Benfica Macau
- Full name: Casa do Sport Lisboa e Benfica em Macau 澳門賓菲加體育會
- Nickname: BDM
- Founded: 17 October 1951 (74 years ago)
- Ground: Macau Olympic Complex Stadium
- Capacity: 16,272
- Chairman: Duarte Alves
- Head coach: André Calado
- League: Liga de Elite
- 2025 Liga de Elite: Liga de Elite, 4th place
- Website: www.benficamacau.com
| Home colours | Away colours |

= S.L. Benfica de Macau =

The House of Sport Lisboa e Benfica in Macau (澳門賓菲加體育會; Casa do Sport Lisboa e Benfica em Macau), simply known as Benfica de Macau, is a Macanese professional football club that currently competes in the Liga de Elite. The club plays its home games at the Macau Olympic Complex Stadium.

Benfica de Macau have won six league titles and three Taça de Macau cups.

==History==
Benfica de Macau was founded on 17 October 1951, as the House No. 232 of S.L. Benfica.

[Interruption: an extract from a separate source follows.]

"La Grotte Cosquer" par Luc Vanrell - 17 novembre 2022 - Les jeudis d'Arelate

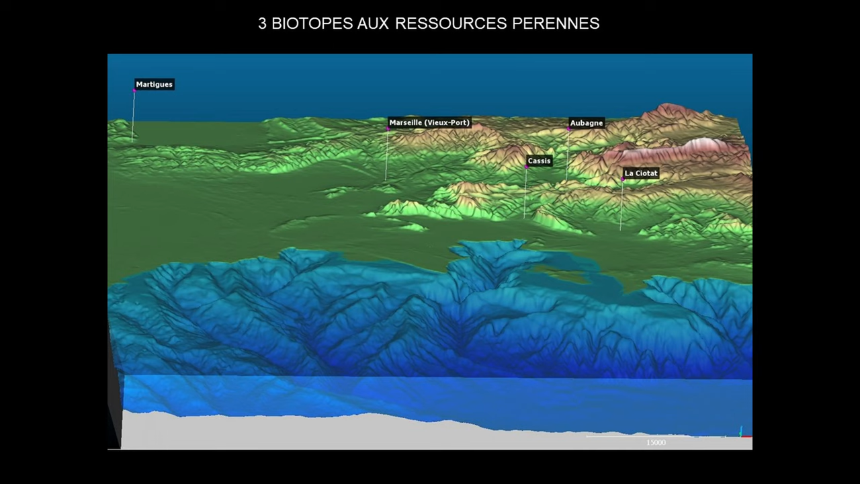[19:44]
Voilà une vue due à Bertrand d'ailleurs de l'environnement de la Grotte Koscaire. La Grotte Koscaire se situerait ici, se situe ici.
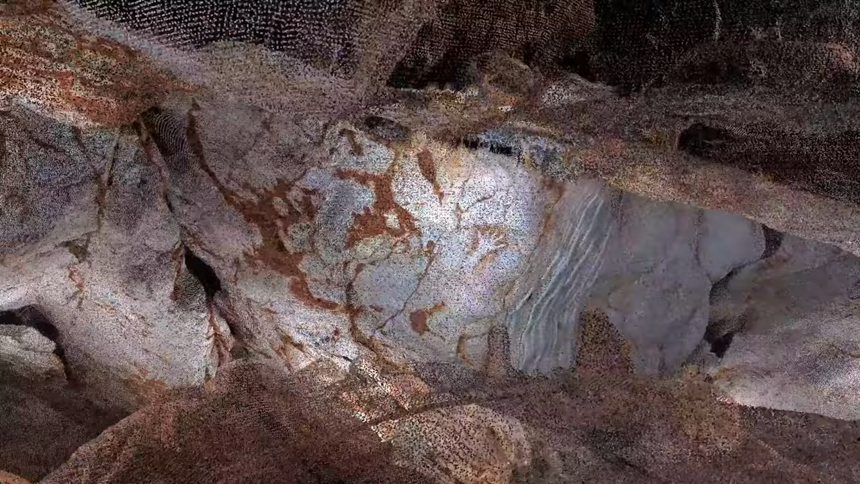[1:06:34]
si on était en niveau de gris on ne les verrait pas là

On 21 August 2016, Benfica de Macau defeated Guam club Rovers 4–2 in a 2017 AFC Cup Play-off qualifier in Bishkek. It was the first win ever for a Macanese club in any AFC competition.

In 2018, Benfica de Macau became the first Macanese club to participate in the AFC Cup group stage. On 7 March 2018, Benfica won 3–2 against Taiwan's Hang Yuen, becoming the first Macanese club to win an AFC group stage match.

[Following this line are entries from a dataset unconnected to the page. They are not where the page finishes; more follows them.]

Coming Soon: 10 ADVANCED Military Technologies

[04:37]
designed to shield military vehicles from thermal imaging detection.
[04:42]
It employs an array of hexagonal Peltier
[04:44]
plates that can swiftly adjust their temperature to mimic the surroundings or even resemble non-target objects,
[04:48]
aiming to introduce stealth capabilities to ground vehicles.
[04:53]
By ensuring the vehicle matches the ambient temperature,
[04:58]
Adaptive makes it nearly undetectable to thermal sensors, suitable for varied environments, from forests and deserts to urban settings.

After a six-year title drought, Benfica de Macau secured the 2024 season league title, positioning the club to qualify for the second edition of the newly established third-tier continental tournament, the AFC Challenge League. However, systemic infrastructure issues within local football had already complicated the territory's regional standing; during the competitive season in June 2024, club president Duarte Alves expressed major frustration over the ongoing exclusion of Macanese clubs from AFC tournaments, publicly citing the tightening, increasingly rigid criteria imposed by the Asian Football Confederation on amateur and semi-professional structures.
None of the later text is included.